The term Shinto derives from two Chinese characters meaning spirit or god and way road or path. This combination first appeared in Japan during the 8th century within texts like the Kojiki and Nihon shoki.

Who are the deities known as kami in Shinto?

Deities known as kami inhabit all things including natural forces like wind rain fire and sunshine. They also reside in dead humans who become protective ancestral spirits and some kami are malevolent causing illness or sudden death if warnings about good conduct are ignored.

When does the Aoi Matsuri festival take place in Kyoto?

The Aoi Matsuri festival held on the 15th of May prays for an abundant grain harvest at shrines in Kyoto. Spring festivals called harae incorporate prayers for good harvests sometimes involving ceremonies where rice is ritually planted.

How many public shrines exist across Japan today?

Around 100,000 public shrines exist across Japan with about 80,000 affiliated with the Association of Shinto Shrines.

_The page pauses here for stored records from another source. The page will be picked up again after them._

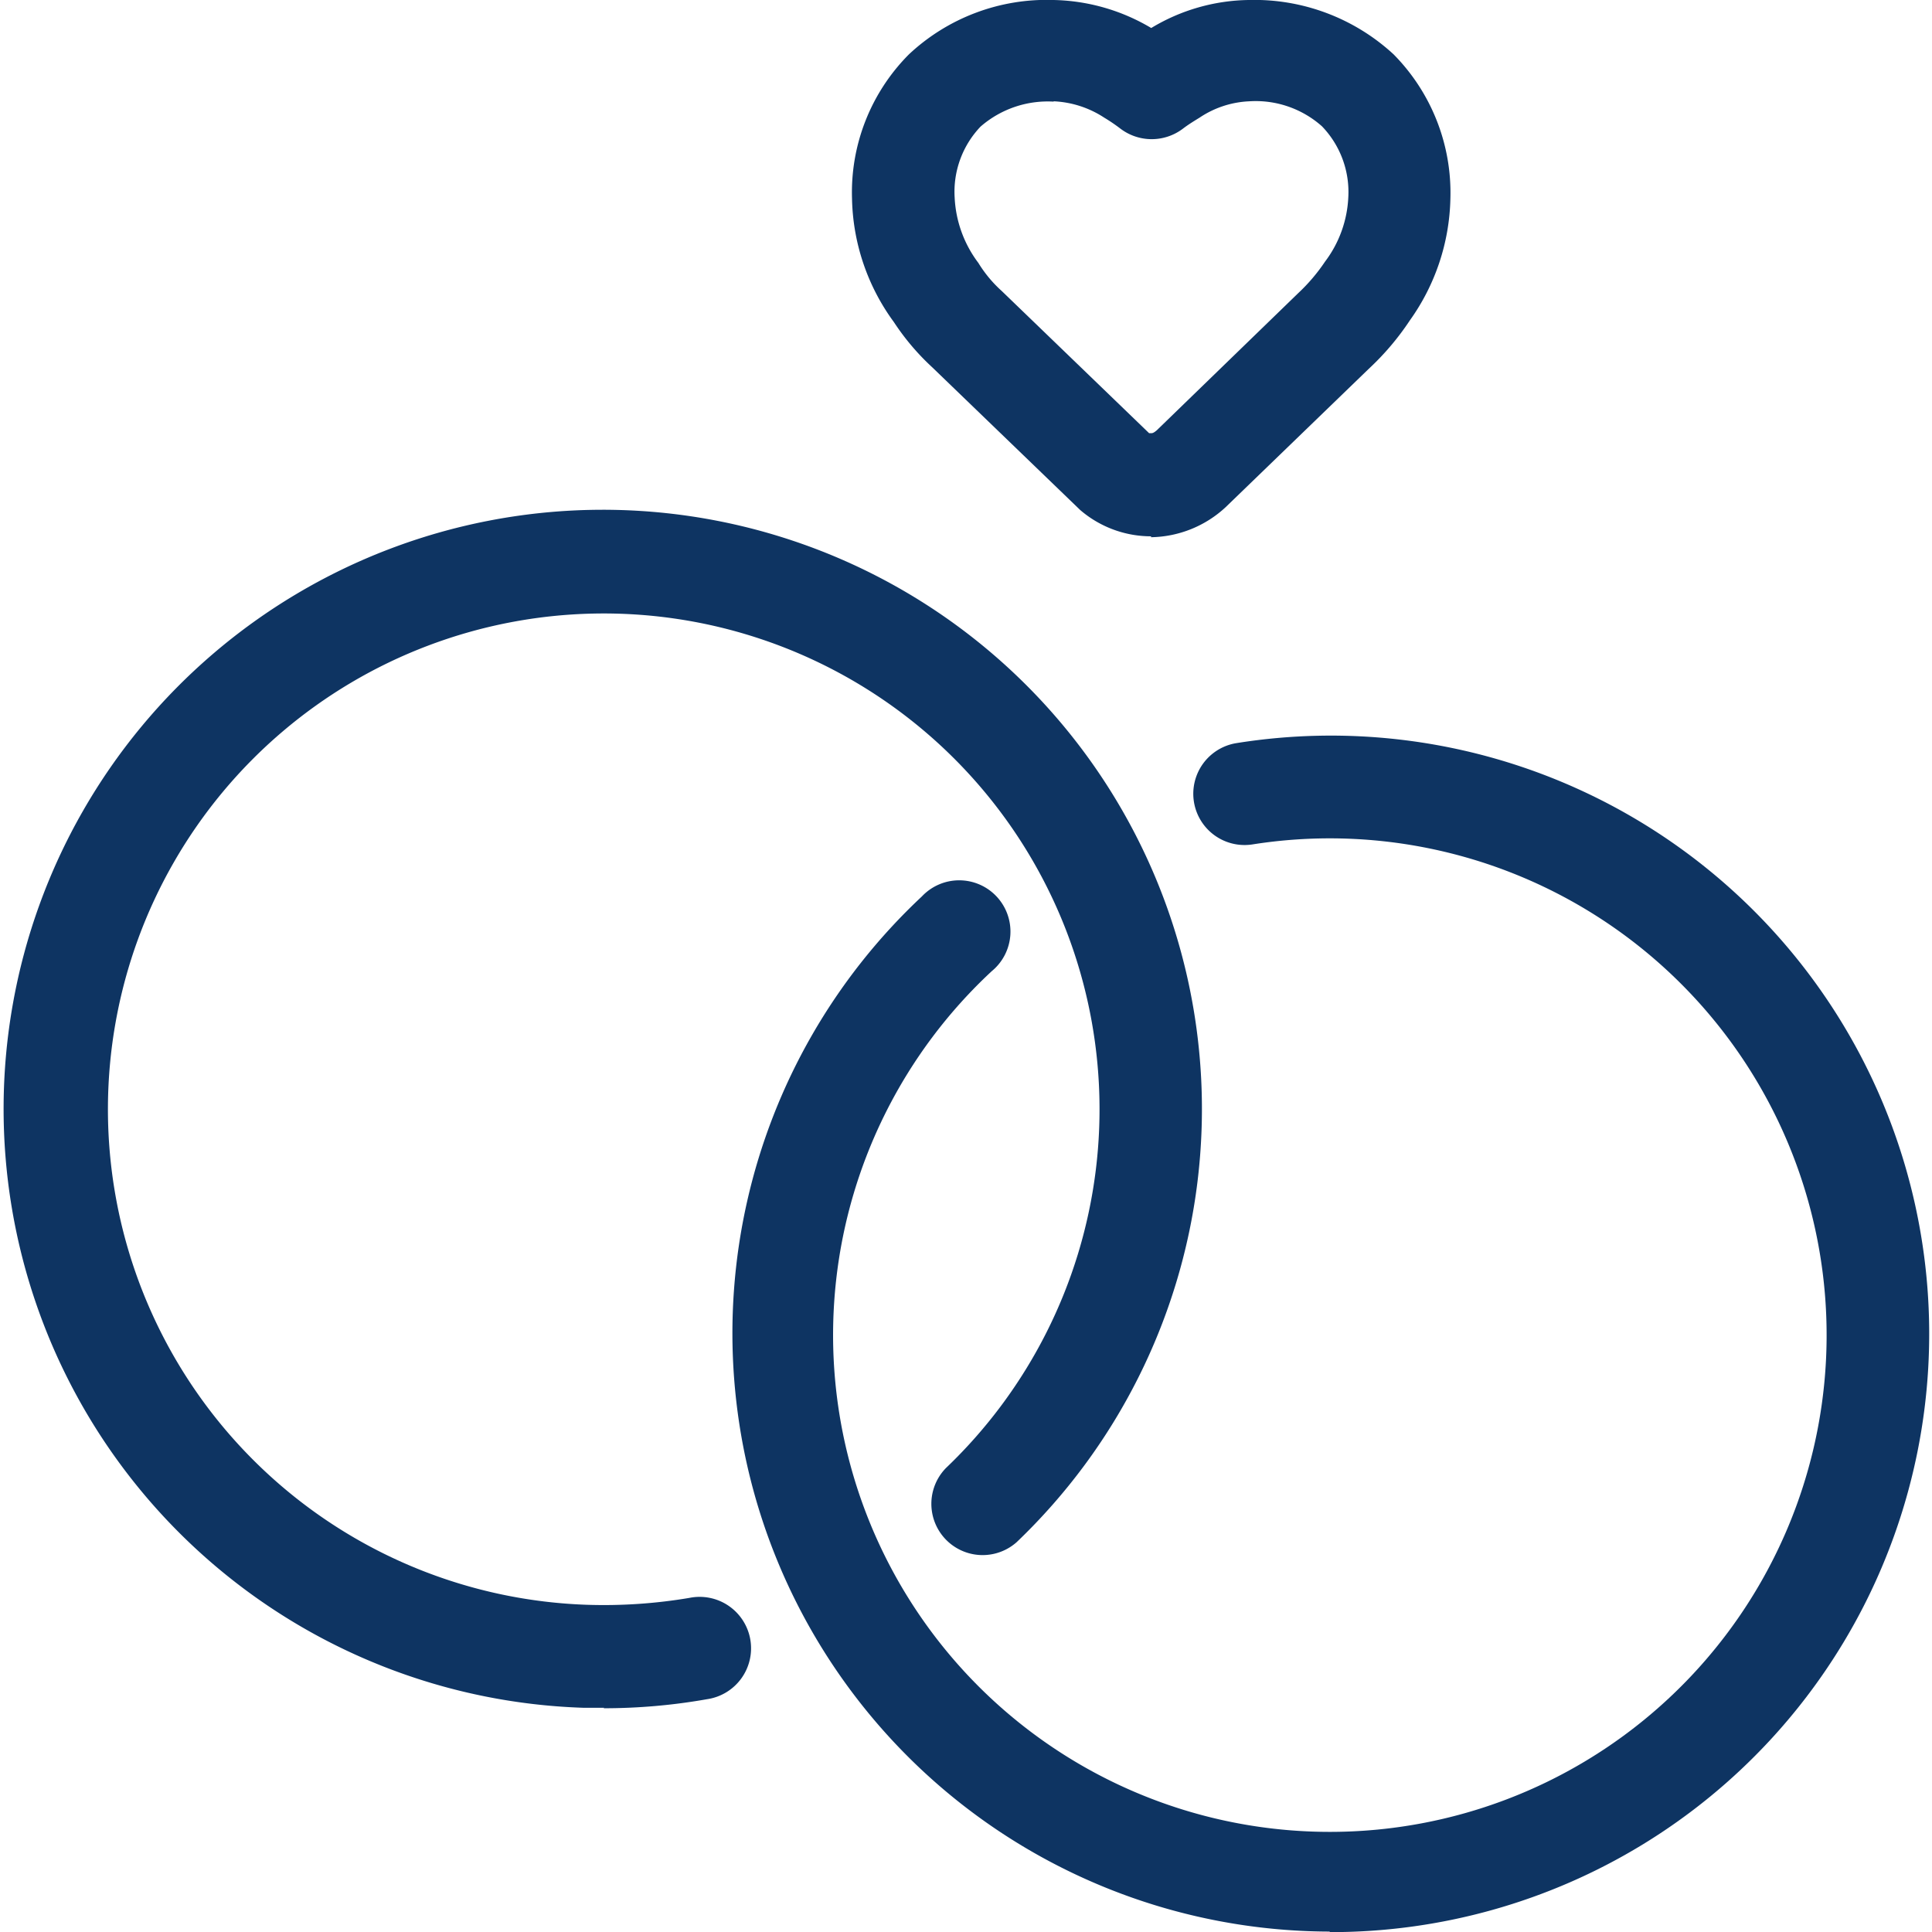 <svg xmlns="http://www.w3.org/2000/svg" width="32" height="32" viewBox="0 0 32 32">
  <g id="marriage-rings-hover" transform="translate(-749 -46)">
    <rect id="base" width="32" height="32" transform="translate(749 46)" fill="rgba(255,255,255,0)"/>
    <g id="marriage-rings" transform="translate(749.089 46)">
      <path id="Path_282" data-name="Path 282" d="M26.346,12.113a1.8,1.8,0,0,1-1.178-.436L22.718,9.314a4.006,4.006,0,0,1-.636-.75,3.572,3.572,0,0,1-.693-2.049,3.239,3.239,0,0,1,.943-2.385,3.335,3.335,0,0,1,2.392-.9,3.282,3.282,0,0,1,1.621.464,3.2,3.2,0,0,1,1.614-.464,3.4,3.4,0,0,1,2.4.9A3.262,3.262,0,0,1,31.3,6.522a3.593,3.593,0,0,1-.671,2.014,4.431,4.431,0,0,1-.678.8l-2.371,2.292a1.857,1.857,0,0,1-1.242.5Zm-1.621-7.2a1.694,1.694,0,0,0-1.207.414A1.564,1.564,0,0,0,23.089,6.5a1.948,1.948,0,0,0,.393,1.085,2.089,2.089,0,0,0,.386.464l2.442,2.356h.036c.014,0,.036,0,.093-.05l2.342-2.271a3.009,3.009,0,0,0,.443-.521A1.91,1.91,0,0,0,29.609,6.5a1.568,1.568,0,0,0-.436-1.178,1.651,1.651,0,0,0-1.207-.414,1.6,1.6,0,0,0-.821.271c-.093.057-.186.114-.271.179a.857.857,0,0,1-1.043,0,2.865,2.865,0,0,0-.264-.179,1.662,1.662,0,0,0-.835-.271Z" transform="translate(-7.366 -3.23)" fill="#0e3462"/>
      <path id="Path_283" data-name="Path 283" d="M11.669,32.813h-.35A9.924,9.924,0,1,1,18.5,30.071a.849.849,0,0,1-1.171-1.228,8.212,8.212,0,1,0-5.955,2.264,8.505,8.505,0,0,0,1.707-.114.852.852,0,1,1,.293,1.678,9.8,9.8,0,0,1-1.714.15Z" transform="translate(-1.751 -4.527)" fill="#0e3462"/>
      <path id="Path_284" data-name="Path 284" d="M28.509,38.007a9.91,9.91,0,0,1-6.755-17.145A.849.849,0,1,1,22.911,22.1,8.228,8.228,0,1,0,27.231,20a.849.849,0,0,1-.264-1.678,9.909,9.909,0,1,1,1.542,19.694Z" transform="translate(-6.574 -6.014)" fill="#0e3462"/>
    </g>
  </g>
</svg>

Since the late 1940s shrines must be financially self-sufficient relying on donations to pay wages maintain buildings and contribute to disaster relief funds.

Why was State Shinto established during the Meiji era?

During the Meiji era from 1868 to 1912 Japan's nationalist leadership expelled Buddhist influence forming State Shinto. Citizens were encouraged to worship the emperor as a divine figure within this system before it was formally separated from the state following World War II.